++++ Exercise inputs

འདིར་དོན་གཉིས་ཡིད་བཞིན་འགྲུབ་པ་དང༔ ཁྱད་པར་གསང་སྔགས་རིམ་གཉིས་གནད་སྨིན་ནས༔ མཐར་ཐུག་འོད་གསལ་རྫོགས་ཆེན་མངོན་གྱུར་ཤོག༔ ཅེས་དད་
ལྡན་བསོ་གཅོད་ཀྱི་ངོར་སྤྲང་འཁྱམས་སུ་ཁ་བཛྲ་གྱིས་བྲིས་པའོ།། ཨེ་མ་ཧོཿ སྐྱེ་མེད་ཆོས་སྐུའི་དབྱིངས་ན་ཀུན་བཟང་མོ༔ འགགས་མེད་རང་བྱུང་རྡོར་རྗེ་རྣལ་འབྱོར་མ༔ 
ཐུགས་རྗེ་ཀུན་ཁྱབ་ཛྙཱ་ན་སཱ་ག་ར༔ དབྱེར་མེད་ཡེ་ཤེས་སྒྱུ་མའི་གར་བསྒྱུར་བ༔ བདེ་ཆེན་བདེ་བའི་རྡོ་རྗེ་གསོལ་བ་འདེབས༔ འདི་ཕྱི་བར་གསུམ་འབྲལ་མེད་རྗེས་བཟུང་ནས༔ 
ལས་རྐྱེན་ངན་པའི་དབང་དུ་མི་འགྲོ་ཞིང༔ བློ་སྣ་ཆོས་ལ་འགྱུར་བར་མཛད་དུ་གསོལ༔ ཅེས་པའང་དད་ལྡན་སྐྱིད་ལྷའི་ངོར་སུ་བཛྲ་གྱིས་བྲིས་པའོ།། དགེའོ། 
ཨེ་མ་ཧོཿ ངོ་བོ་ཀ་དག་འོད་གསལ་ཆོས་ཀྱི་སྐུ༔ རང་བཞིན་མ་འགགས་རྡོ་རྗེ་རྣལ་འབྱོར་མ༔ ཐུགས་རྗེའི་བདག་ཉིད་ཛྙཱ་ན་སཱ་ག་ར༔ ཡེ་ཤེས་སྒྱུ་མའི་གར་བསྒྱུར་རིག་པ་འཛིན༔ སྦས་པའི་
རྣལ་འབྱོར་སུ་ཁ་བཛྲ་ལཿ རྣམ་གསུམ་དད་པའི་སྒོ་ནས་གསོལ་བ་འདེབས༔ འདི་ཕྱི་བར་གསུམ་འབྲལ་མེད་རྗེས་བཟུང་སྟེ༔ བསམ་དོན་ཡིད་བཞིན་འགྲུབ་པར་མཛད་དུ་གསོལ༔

++++++++

Work to complete >>
For this exercise, return every line from the data that holds the string "འགགས".

Output below >>
ལྡན་བསོ་གཅོད་ཀྱི་ངོར་སྤྲང་འཁྱམས་སུ་ཁ་བཛྲ་གྱིས་བྲིས་པའོ།། ཨེ་མ་ཧོཿ སྐྱེ་མེད་ཆོས་སྐུའི་དབྱིངས་ན་ཀུན་བཟང་མོ༔ འགགས་མེད་རང་བྱུང་རྡོར་རྗེ་རྣལ་འབྱོར་མ༔ 
ཨེ་མ་ཧོཿ ངོ་བོ་ཀ་དག་འོད་གསལ་ཆོས་ཀྱི་སྐུ༔ རང་བཞིན་མ་འགགས་རྡོ་རྗེ་རྣལ་འབྱོར་མ༔ ཐུགས་རྗེའི་བདག་ཉིད་ཛྙཱ་ན་སཱ་ག་ར༔ ཡེ་ཤེས་སྒྱུ་མའི་གར་བསྒྱུར་རིག་པ་འཛིན༔ སྦས་པའི་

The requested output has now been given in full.